* _Dataset records_:
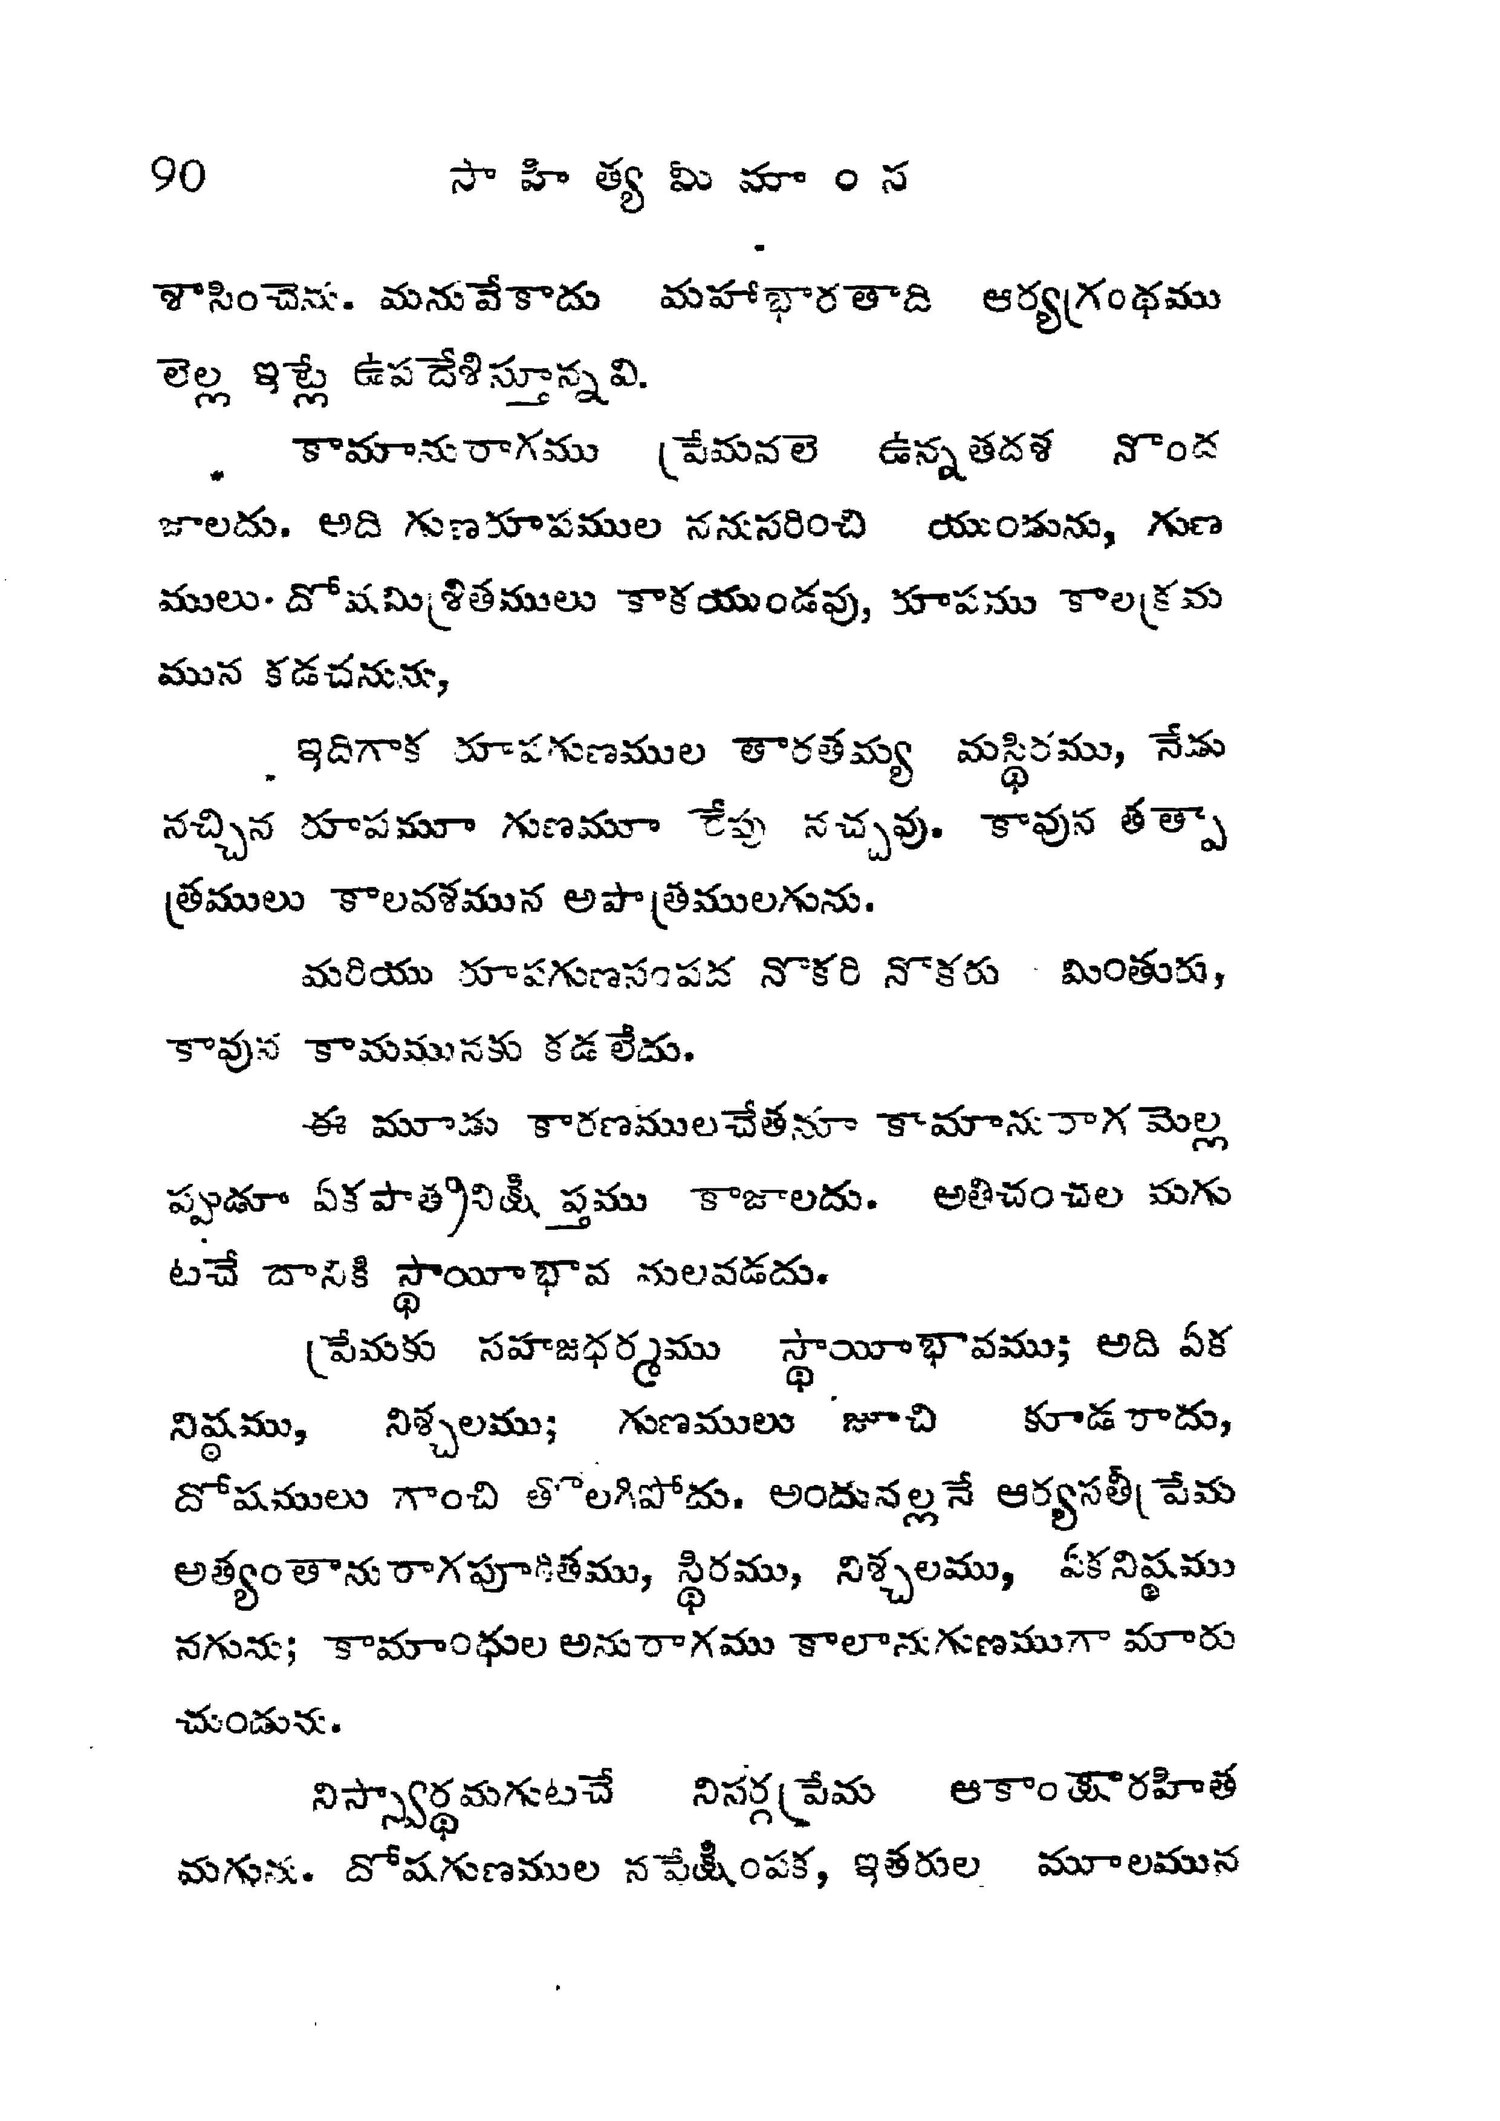శాసించెను. మనువేకాదు మహాభారతాది ఆర్యగ్రంథము లెల్ల ఇట్లే ఉపదేశిస్తూన్నవి.

కామానురాగము ప్రేమవలె ఉన్నతదశ నొంద జాలదు. అది గుణరూపముల ననుసరించి యుండును, గుణములు దోషమిశ్రితములు కాకయుండవు, రూపము కాలక్రమమున కడచనును,

ఇదిగాక రూపగుణముల తారతమ్య మస్థిరము, నేడు నచ్చిన రూపమూ గుణమూ రేపు నచ్చవు. కావున తత్పాత్రములు కాలవశమున అపాత్రములగును.

మరియు రూపగుణసంపద నొకరి నొకరు మింతురు, కావున కామమునకు కడలేదు.

ఈ మూడు కారణములచేతనూ కామానురాగమెల్లప్పడూ ఏకపాత్రనిక్షిప్తము కాజాలదు. అతిచంచల మగుటచే దానికి స్థాయీభావ మలవడదు.

ప్రేమకు సహజధర్మము స్థాయీభావము; అది ఏక నిష్ఠము, నిశ్చలము; గుణములు జూచి కూడరాదు, దోషములు గాంచి తొలగిపోదు. అందువల్లనే ఆర్యసతీప్రేమ అత్యంతానురాగపూరితము, స్థిరము, నిశ్చలము, ఏకనిష్ఠము నగును; కామాంధుల అనురాగము కాలానుగుణముగా మారుచుండును.

నిస్స్వార్థమగుటచే నిసర్గప్రేమ ఆకాంక్షారహితమగును. దోషగుణముల నపేక్షింపక, ఇతరుల మూలమున
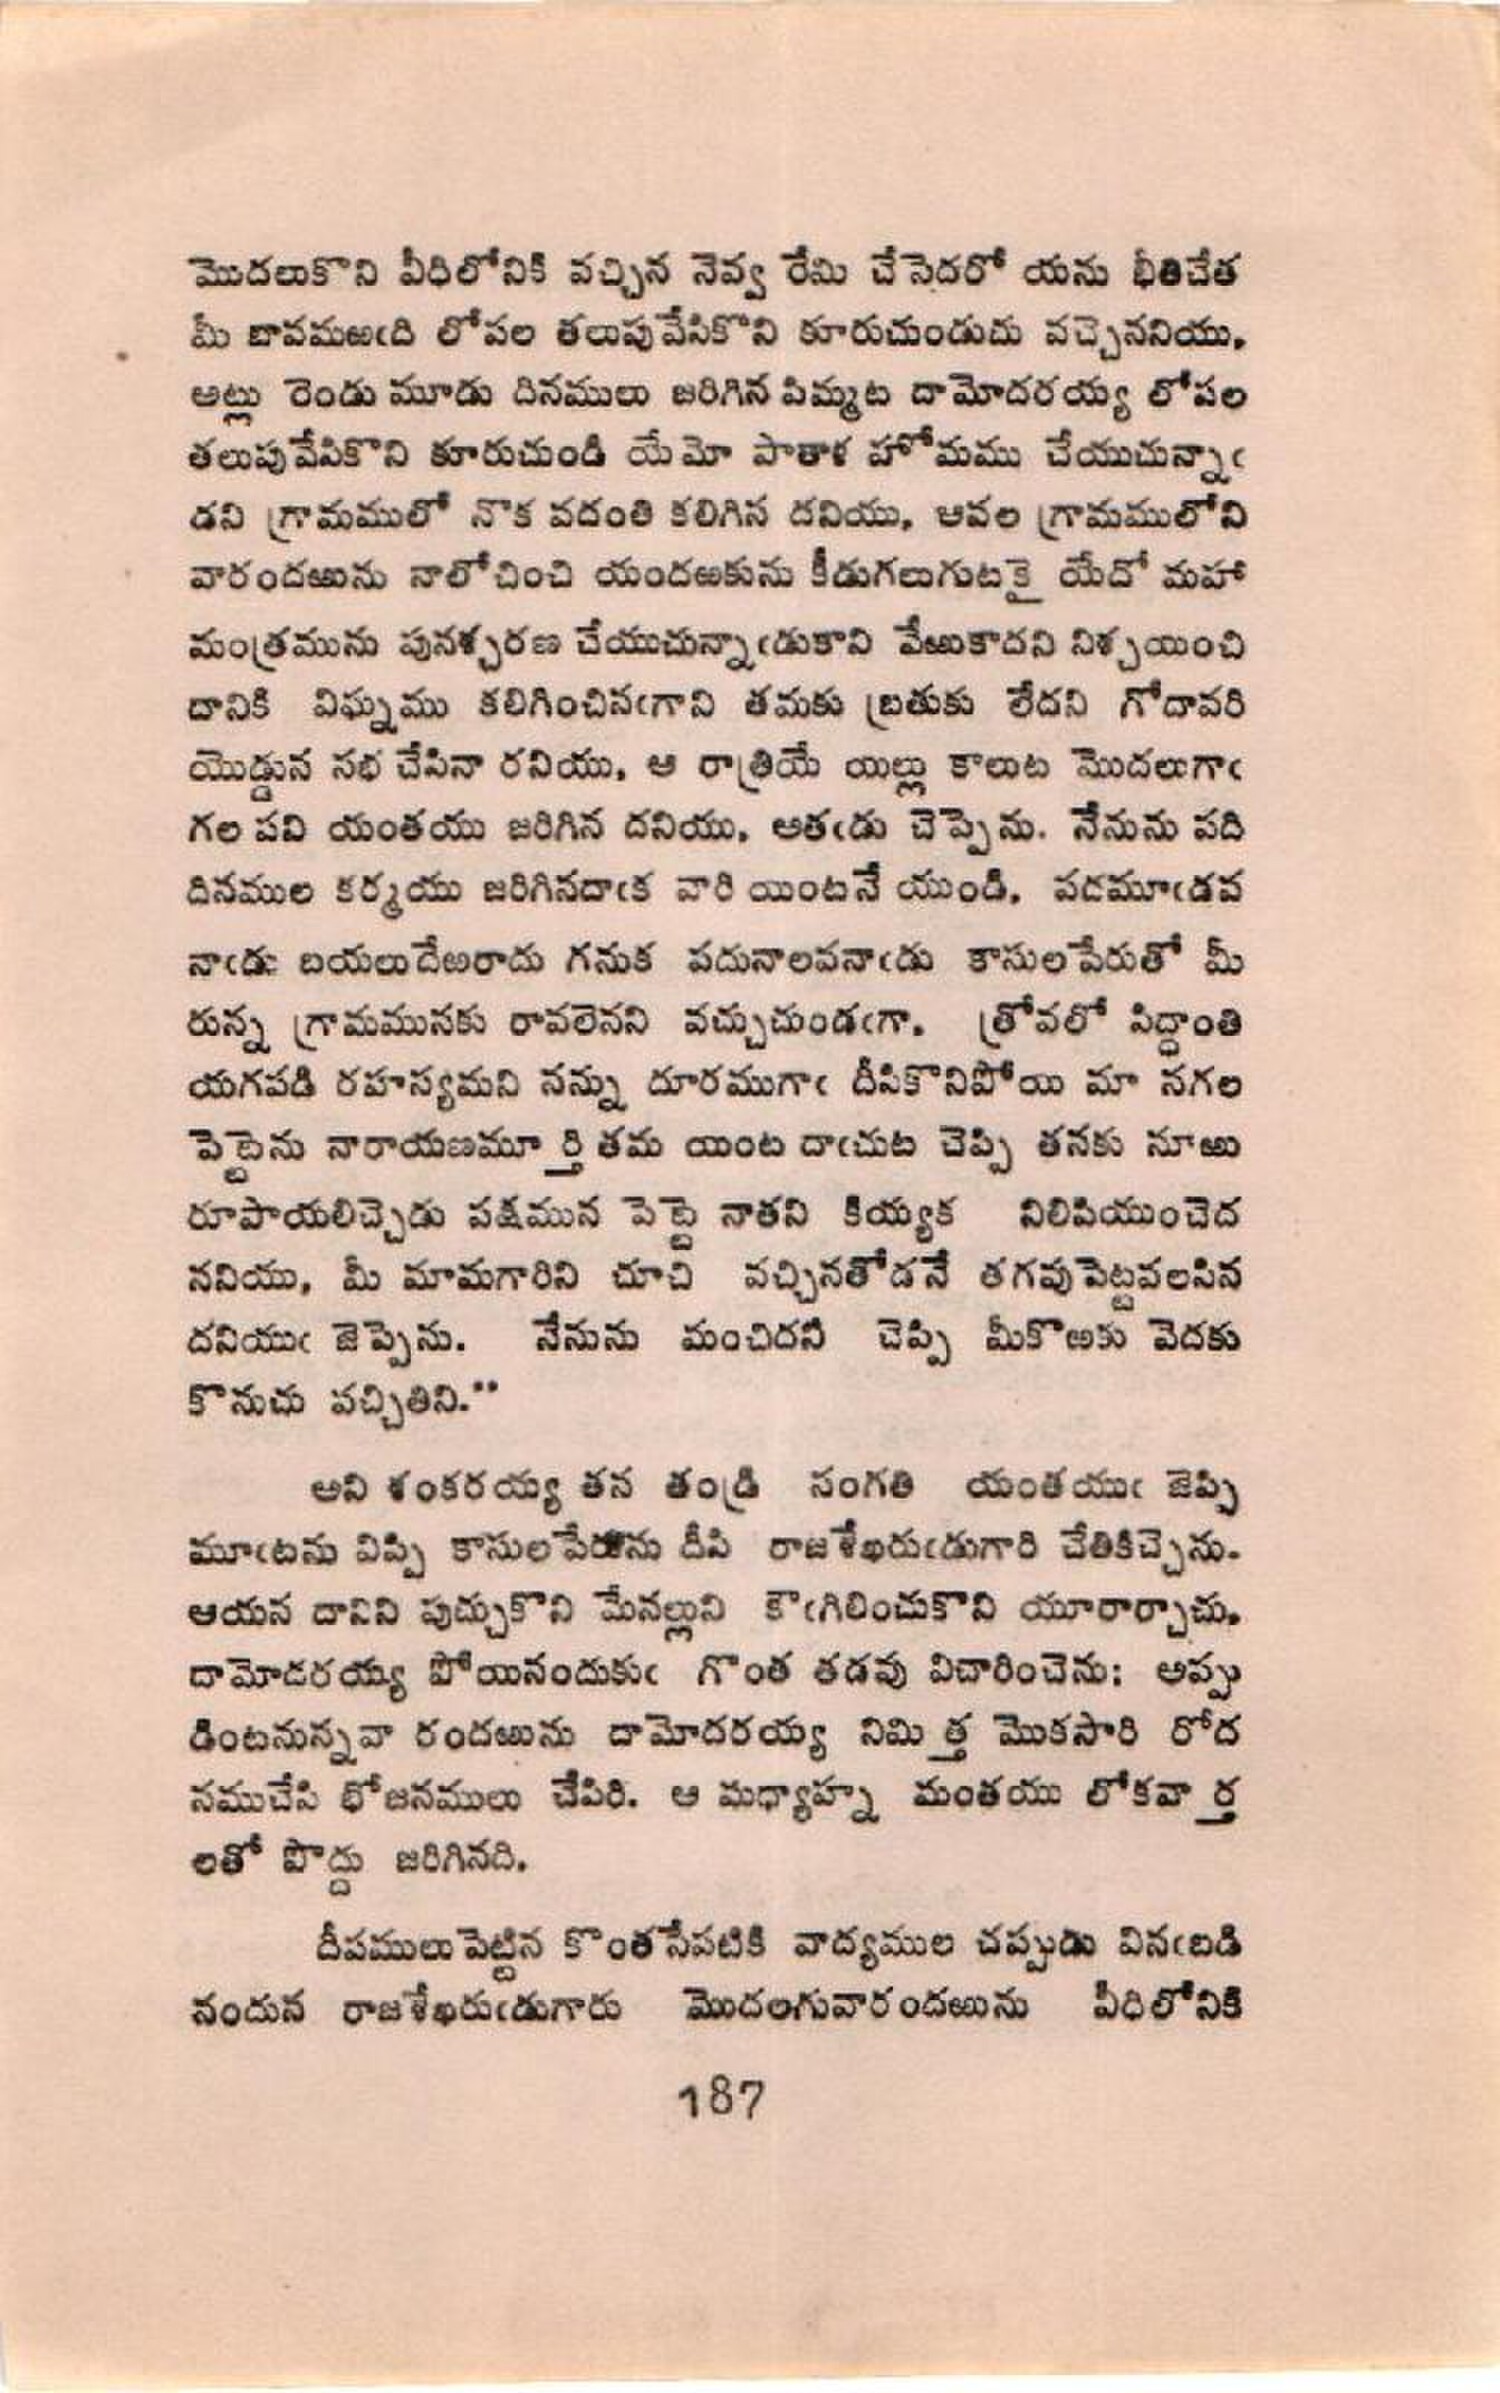మొదలుకొని వీధిలోనికి వచ్చిన నెవ్వరేమి చేసెదరో యను భీతిచేత మీ బావమఱఁది లోపల తలుపువేసికొని కూరుచుండుచు వచ్చెననియు, అట్లు రెండు మూడు దినములు జరిగిన పిమ్మట దామోదరయ్య లోపల తలుపువేసికొని కూరుచుండి యేమో పాతాళ హోమము చేయుచున్నాఁ డని గ్రామములో నొక వదంతి కలిగిన దనియు, ఆవల గ్రామములోని వారందఱును నాలోచించి యందఱకును కీడుగలుగుటకై యేదో మహా మంత్రమును పునశ్చరణ చేయుచున్నాఁడుకాని వేఱు కాదని నిశ్చయించి దానికి విఘ్నము కలిగించినఁగాని తమకు బ్రతుకు లేదని గోదావరి యొడ్డున సభ చేసినా రనియు, ఆ రాత్రియే యిల్లు కాలుట మొదలుగా గల పని యంతయు జరిగిన దనియు, ఆతఁడు చెప్పెను. నేనును పది దినముల కర్మయు జరిగినదాఁక వారి యింటనే యుండి, పదమూడవ నాడు బయలుదేఱరాదు గనుక పదునాలుగవనాడు కాసుల పేరుతో మీరున్న గ్రామమునకు రావలెనని వచ్చుచుండగా, త్రోవలో సిద్ధాంతి యగపడి రహస్యమని నన్ను దూరముగాఁ దీసికొనిపోయి మా నగల పెట్టెను నారాయణమూర్తి తమ యింట దాఁచుట చెప్పి తనకు నూఱు రూపాయలిచ్చెడు పక్షమున పెట్టె నాతని కియ్యక నిలిపియుంచెద ననియు, మీ మామగారిని చూచి వచ్చినతోడనే తగవుపెట్టవలసిన దనియుఁ జెప్పెను. నేనును మంచిదనీ చెప్పి మీకొఱకు వెదకు కొనుచు వచ్చితిని."

అని శంకరయ్య తన తండ్రి సంగతి యంతయుఁ జెప్పి మూఁటను విప్పి కాసుల పేరును దీసి రాజశేఖరుడుగారి చేతికిచ్చెను. ఆయన దానిని పుచ్చుకొని మేనల్లుని కౌగిలించుకొని యూరార్చాచు, దామోదరయ్య పోయినందుకుఁ గొంత తడవు విచారించెను; అప్పు డింటనున్నవా రందఱును దామోదరయ్య నిమిత్త మొకసారి రోద నముచేసి భోజనములు చేసిరి. ఆ మధ్యాహ్న మంతయు లోకవార్త లతో పొద్దు జరిగినది.

దీపములు పెట్టిన కొంతసేపటికి వాద్యముల చప్పడు వినఁబడి నందున రాజశేఖరుడు మొదలగువారందఱును వీథిలోనికి

* _Aim of the exercise_: Where images occur in the data above, leave them out and repeat everything else exactly.

* _Response_:
శాసించెను. మనువేకాదు మహాభారతాది ఆర్యగ్రంథము లెల్ల ఇట్లే ఉపదేశిస్తూన్నవి.

కామానురాగము ప్రేమవలె ఉన్నతదశ నొంద జాలదు. అది గుణరూపముల ననుసరించి యుండును, గుణములు దోషమిశ్రితములు కాకయుండవు, రూపము కాలక్రమమున కడచనును,

ఇదిగాక రూపగుణముల తారతమ్య మస్థిరము, నేడు నచ్చిన రూపమూ గుణమూ రేపు నచ్చవు. కావున తత్పాత్రములు కాలవశమున అపాత్రములగును.

మరియు రూపగుణసంపద నొకరి నొకరు మింతురు, కావున కామమునకు కడలేదు.

ఈ మూడు కారణములచేతనూ కామానురాగమెల్లప్పడూ ఏకపాత్రనిక్షిప్తము కాజాలదు. అతిచంచల మగుటచే దానికి స్థాయీభావ మలవడదు.

ప్రేమకు సహజధర్మము స్థాయీభావము; అది ఏక నిష్ఠము, నిశ్చలము; గుణములు జూచి కూడరాదు, దోషములు గాంచి తొలగిపోదు. అందువల్లనే ఆర్యసతీప్రేమ అత్యంతానురాగపూరితము, స్థిరము, నిశ్చలము, ఏకనిష్ఠము నగును; కామాంధుల అనురాగము కాలానుగుణముగా మారుచుండును.

నిస్స్వార్థమగుటచే నిసర్గప్రేమ ఆకాంక్షారహితమగును. దోషగుణముల నపేక్షింపక, ఇతరుల మూలమున
మొదలుకొని వీధిలోనికి వచ్చిన నెవ్వరేమి చేసెదరో యను భీతిచేత మీ బావమఱఁది లోపల తలుపువేసికొని కూరుచుండుచు వచ్చెననియు, అట్లు రెండు మూడు దినములు జరిగిన పిమ్మట దామోదరయ్య లోపల తలుపువేసికొని కూరుచుండి యేమో పాతాళ హోమము చేయుచున్నాఁ డని గ్రామములో నొక వదంతి కలిగిన దనియు, ఆవల గ్రామములోని వారందఱును నాలోచించి యందఱకును కీడుగలుగుటకై యేదో మహా మంత్రమును పునశ్చరణ చేయుచున్నాఁడుకాని వేఱు కాదని నిశ్చయించి దానికి విఘ్నము కలిగించినఁగాని తమకు బ్రతుకు లేదని గోదావరి యొడ్డున సభ చేసినా రనియు, ఆ రాత్రియే యిల్లు కాలుట మొదలుగా గల పని యంతయు జరిగిన దనియు, ఆతఁడు చెప్పెను. నేనును పది దినముల కర్మయు జరిగినదాఁక వారి యింటనే యుండి, పదమూడవ నాడు బయలుదేఱరాదు గనుక పదునాలుగవనాడు కాసుల పేరుతో మీరున్న గ్రామమునకు రావలెనని వచ్చుచుండగా, త్రోవలో సిద్ధాంతి యగపడి రహస్యమని నన్ను దూరముగాఁ దీసికొనిపోయి మా నగల పెట్టెను నారాయణమూర్తి తమ యింట దాఁచుట చెప్పి తనకు నూఱు రూపాయలిచ్చెడు పక్షమున పెట్టె నాతని కియ్యక నిలిపియుంచెద ననియు, మీ మామగారిని చూచి వచ్చినతోడనే తగవుపెట్టవలసిన దనియుఁ జెప్పెను. నేనును మంచిదనీ చెప్పి మీకొఱకు వెదకు కొనుచు వచ్చితిని."

అని శంకరయ్య తన తండ్రి సంగతి యంతయుఁ జెప్పి మూఁటను విప్పి కాసుల పేరును దీసి రాజశేఖరుడుగారి చేతికిచ్చెను. ఆయన దానిని పుచ్చుకొని మేనల్లుని కౌగిలించుకొని యూరార్చాచు, దామోదరయ్య పోయినందుకుఁ గొంత తడవు విచారించెను; అప్పు డింటనున్నవా రందఱును దామోదరయ్య నిమిత్త మొకసారి రోద నముచేసి భోజనములు చేసిరి. ఆ మధ్యాహ్న మంతయు లోకవార్త లతో పొద్దు జరిగినది.

దీపములు పెట్టిన కొంతసేపటికి వాద్యముల చప్పడు వినఁబడి నందున రాజశేఖరుడు మొదలగువారందఱును వీథిలోనికి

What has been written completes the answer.